**Assignment**
Could you write out exactly, and only, the lines from the one containing "Captured 16.7 s following image 1." through the last line of the data, leaving out all pictures?

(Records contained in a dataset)
==============================
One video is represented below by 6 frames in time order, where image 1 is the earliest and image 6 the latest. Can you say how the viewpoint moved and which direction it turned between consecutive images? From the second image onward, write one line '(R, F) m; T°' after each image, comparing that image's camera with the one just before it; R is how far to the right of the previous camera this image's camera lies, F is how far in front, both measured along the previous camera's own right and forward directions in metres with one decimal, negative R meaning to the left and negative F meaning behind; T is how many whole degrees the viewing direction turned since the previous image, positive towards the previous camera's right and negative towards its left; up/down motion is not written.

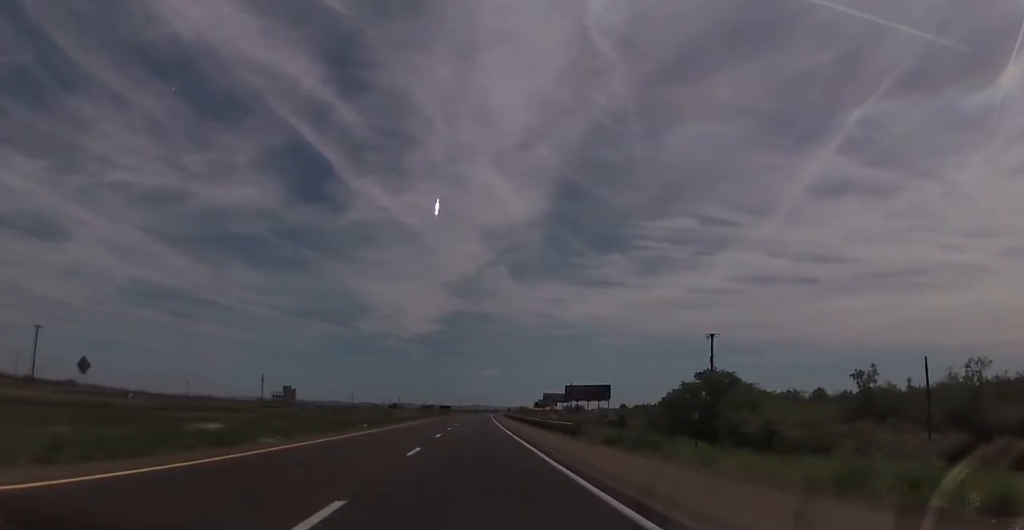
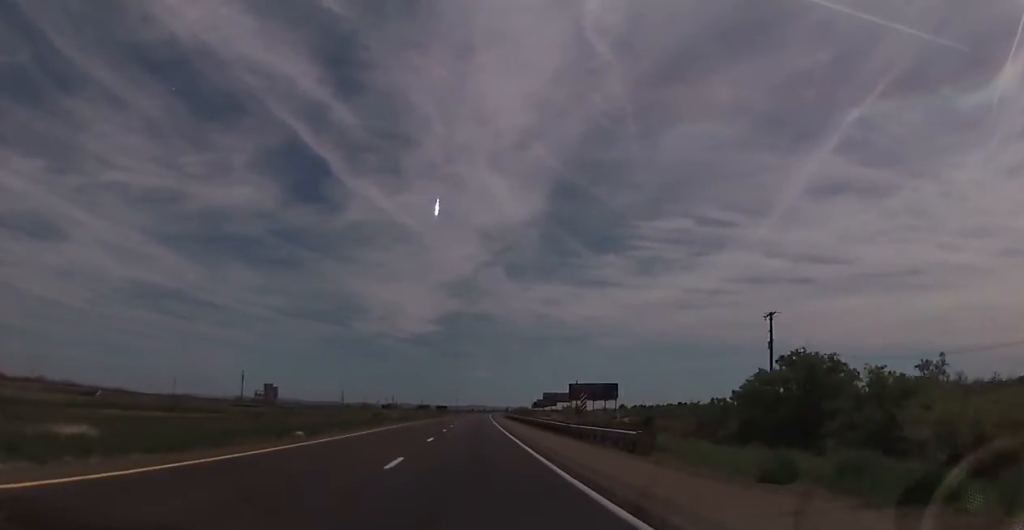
(0.0, +17.9) m; 0°
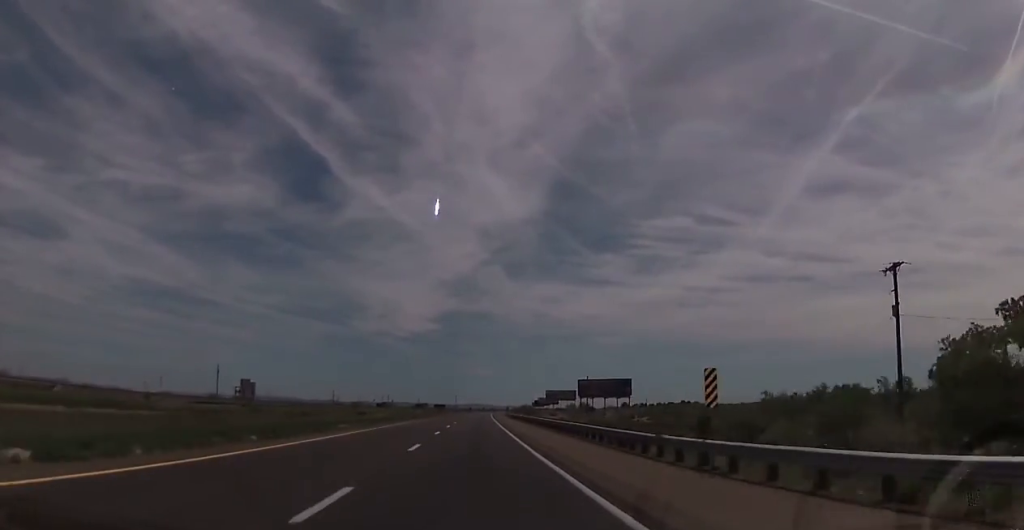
(0.0, +20.1) m; 0°
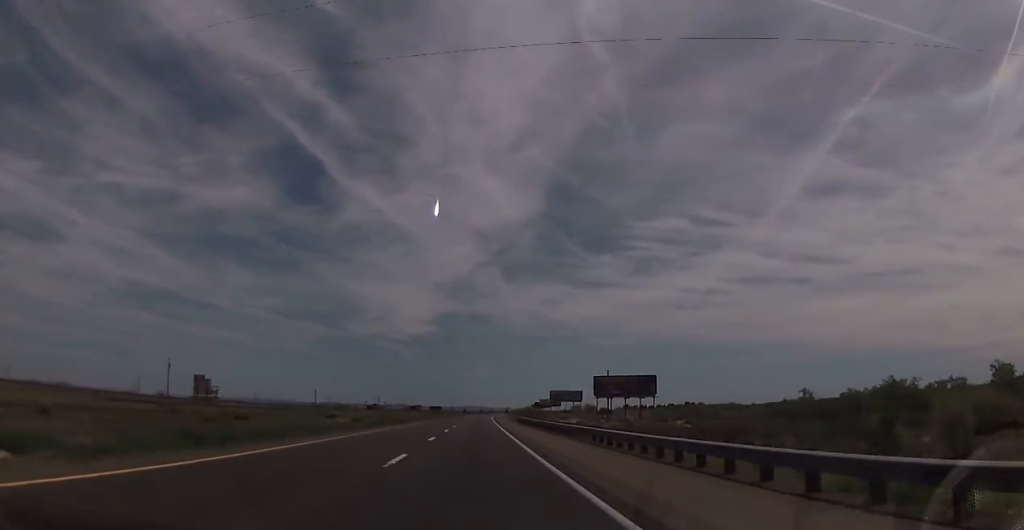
(0.0, +29.9) m; 0°
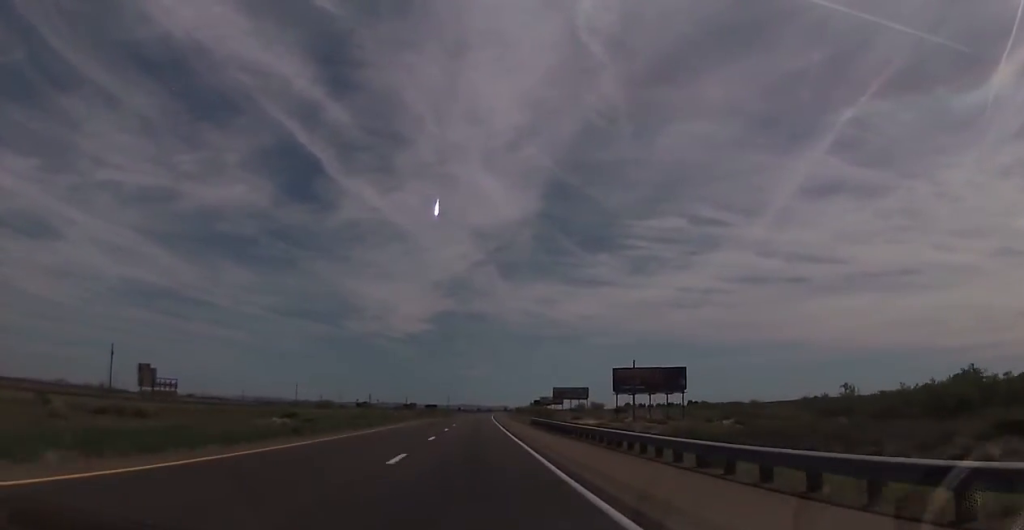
(0.0, +24.2) m; 0°
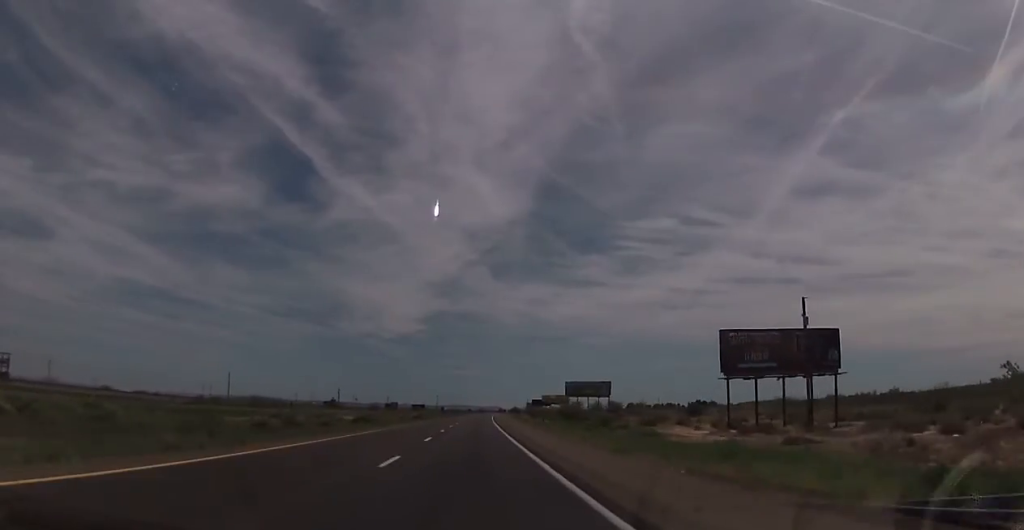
(+0.3, +53.3) m; +1°
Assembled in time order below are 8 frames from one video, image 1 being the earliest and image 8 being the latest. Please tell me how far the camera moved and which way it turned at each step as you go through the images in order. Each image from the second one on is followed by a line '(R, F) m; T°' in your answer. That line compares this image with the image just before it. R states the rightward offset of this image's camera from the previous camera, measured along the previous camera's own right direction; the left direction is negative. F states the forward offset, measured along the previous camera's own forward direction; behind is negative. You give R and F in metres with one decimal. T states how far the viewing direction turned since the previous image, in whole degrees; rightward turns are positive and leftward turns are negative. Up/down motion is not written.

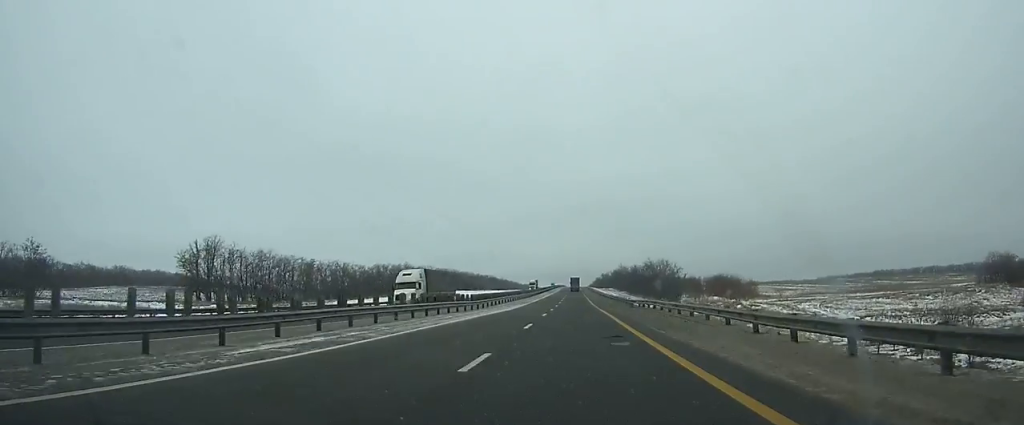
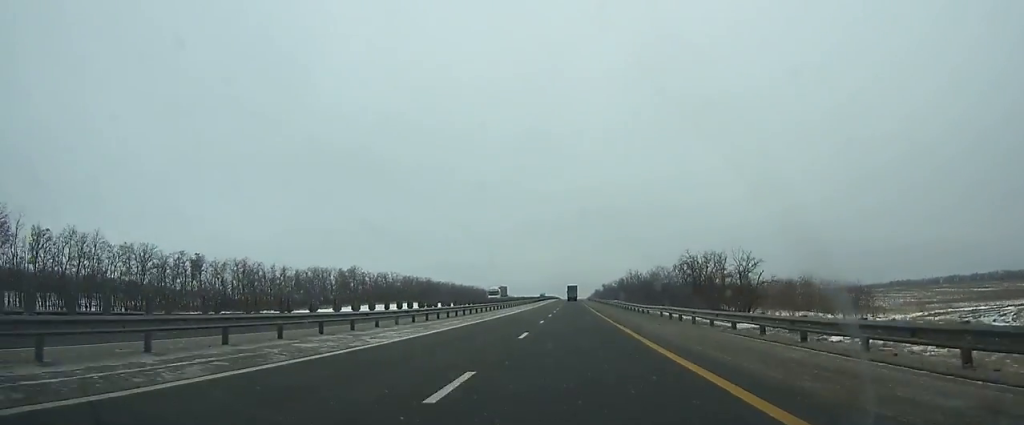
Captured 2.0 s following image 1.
(0.0, +63.6) m; 0°
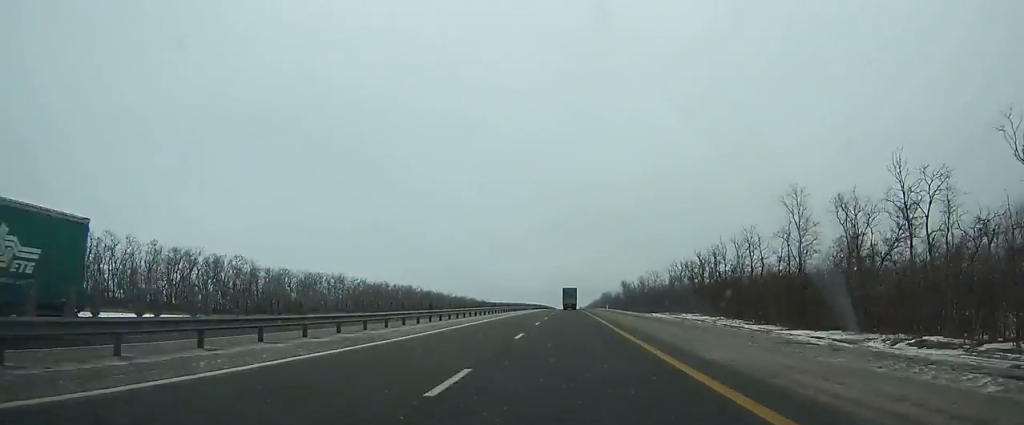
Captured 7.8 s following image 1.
(+0.1, +180.8) m; 0°
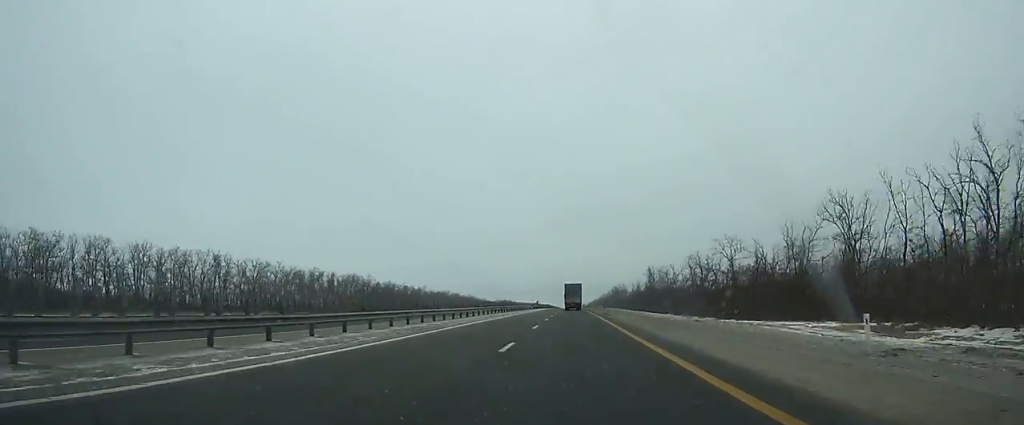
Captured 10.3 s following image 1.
(0.0, +77.8) m; 0°
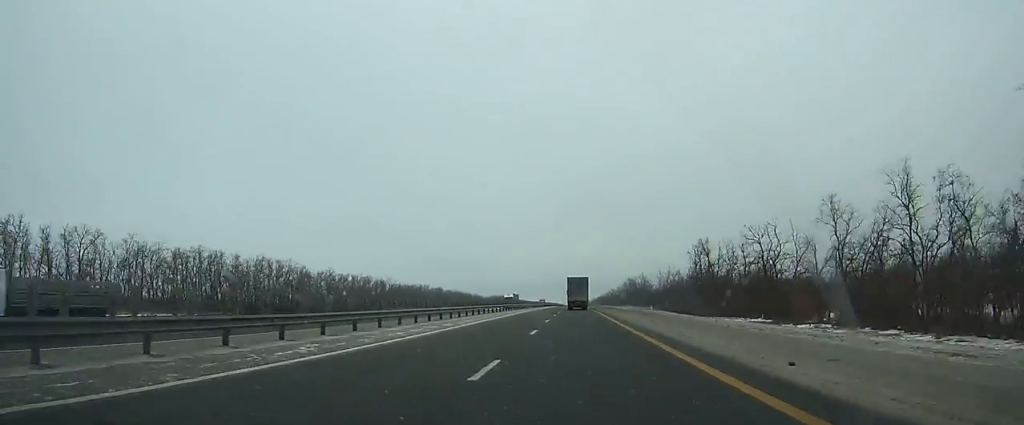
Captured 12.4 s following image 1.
(-0.4, +66.1) m; 0°
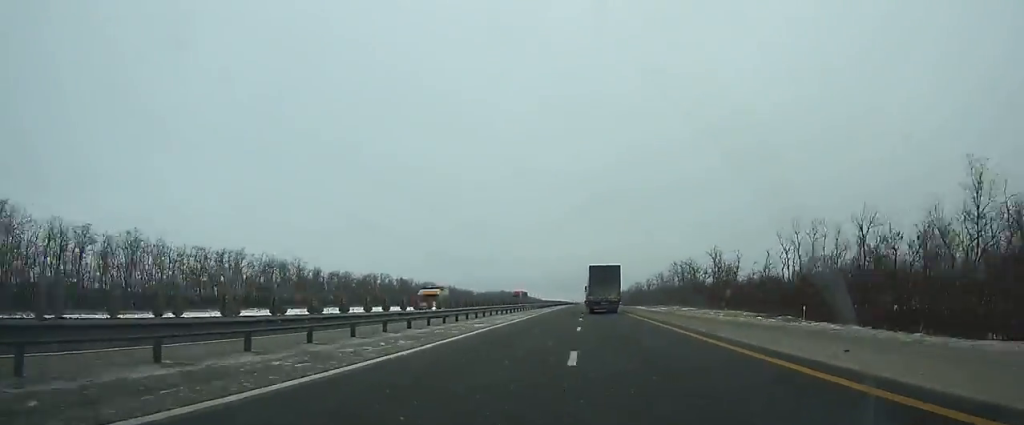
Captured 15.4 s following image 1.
(-0.3, +95.4) m; 0°
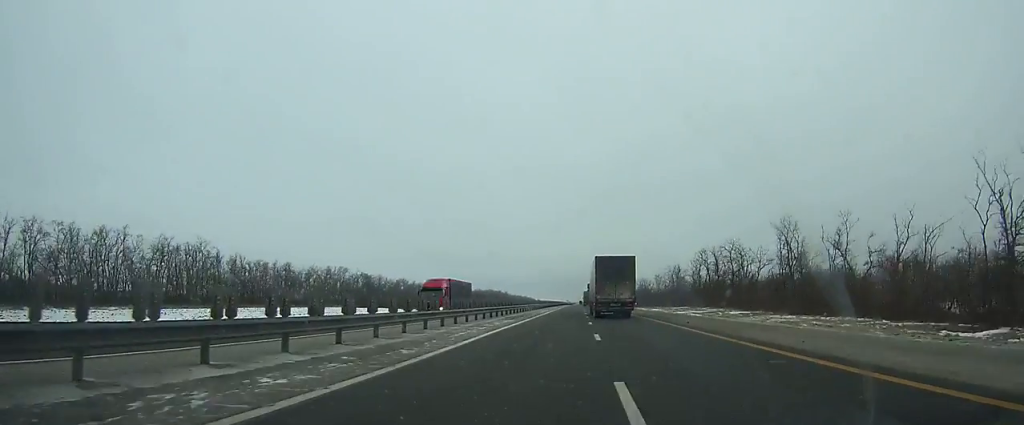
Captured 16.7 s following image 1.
(0.0, +41.6) m; 0°
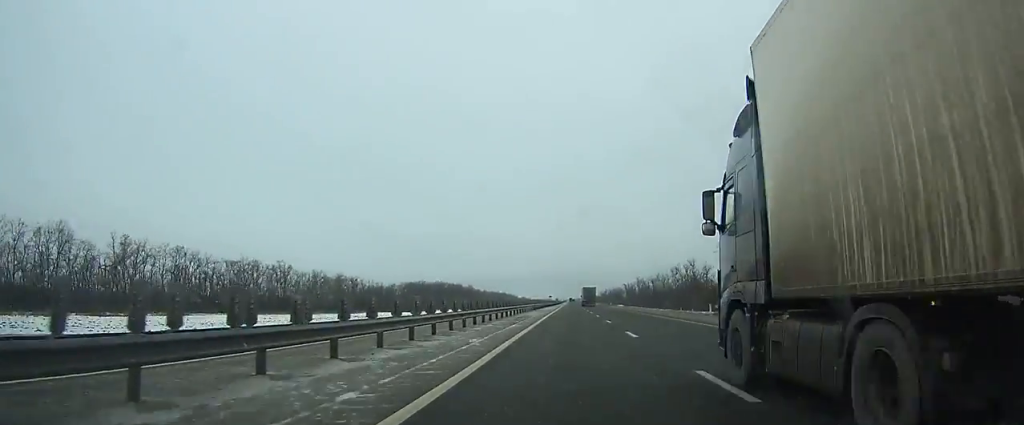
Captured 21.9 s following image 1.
(+1.2, +169.4) m; +1°
==============================
**Problem solution**
Captured 16.7 s following image 1.
(0.0, +41.6) m; 0°
Captured 21.9 s following image 1.
(+1.2, +169.4) m; +1°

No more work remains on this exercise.